Vocalist Kevin Hahn’s singing is very much in the classic metal style, and if you are a fan of bands who deliver heavy metal with a crunch then you should take a listen. His delivery is clean and crisp, full of power and drawing comparisons with a wide range of top metal singers. There is plenty of early riffing, anthemic posturing and macho tempos that demand fist pumping, head banging and general metal frivolity. Hahn is also no slouch on guitar, his slicing lead work firing out solos like bullets, whilst the rhythm is nailed down by guitarist and founder Eric Sexton-Dorsett, who also adds the bass work on the album. The line up is completed by the reliable and Eric Detablan on drums who provides a concrete platform.
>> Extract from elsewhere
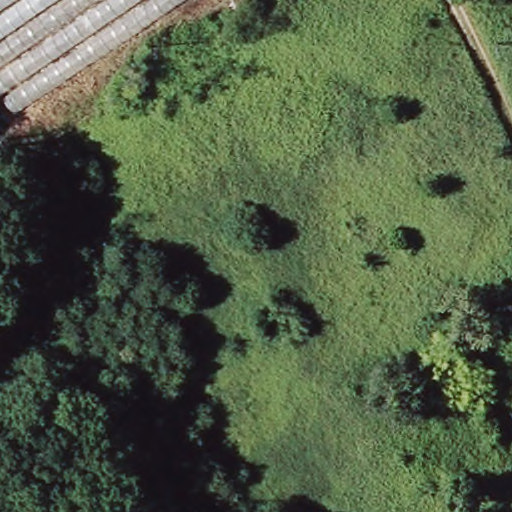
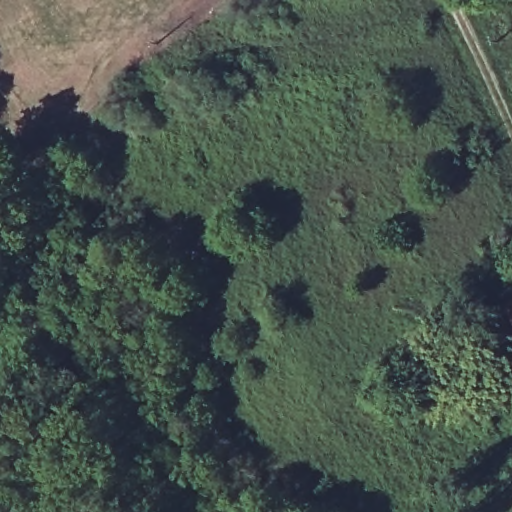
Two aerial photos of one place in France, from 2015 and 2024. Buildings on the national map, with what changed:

It’s not all studs and leather though. ‘There’s Something in the Fog’ throws in some Watchtower like time changes and variation, unpredictable and unconventional. The title track utilises some subtle synths that add a layer underneath a punishingly heavy riff. It’s a dark and doomy song, which takes some bizarre and random twists and turns. After the more traditional opening songs, there’s a fair amount of the unexpected hitting you. This might not be as traditional as initially expected.
At times the music moves to epic levels, bombastic and dramatic. The duo of ‘Diviner of Truth’ and ‘Blood Libel (A Vampire Tale)’ both slot easily into this category, with the songs creating horror and imagery whilst the tempo, drumming and overall playing borders thrash at times. It’s an intriguing approach for whilst there are elements of conventional metal, much of the style sits with more extreme and technically challenging bands. It’s a contrast that works well, albeit on occasion a little overdone. Whilst you are screaming for a straight-ahead banger, such as penultimate thrasher ‘Mushroom Clouds at Night’, Sleepless routinely divert and change their entire direction, whipping around in front of you before flipping back over and causing you to change aspects once more.
It all comes to a huge crescendo on what can only be described as a magnificent finale – ‘The Man Who Could Not Sleep’ standing head and shoulders above everything else in six glorious minutes of progressive and doom drenched metal. It’s worth the other 31 minutes just to get to this point. And that’s not to downplay a very decent release overall, but ‘The Man Who Could Not Sleep’ is an intoxicating and heady mix of styles that feels like an old friend as well as new acquaintance.
Host of Desecration is an album of contrasts, changes, and unpredictability. It’s fresh and contemporary with an old school feel and well worth 40 minutes of your time.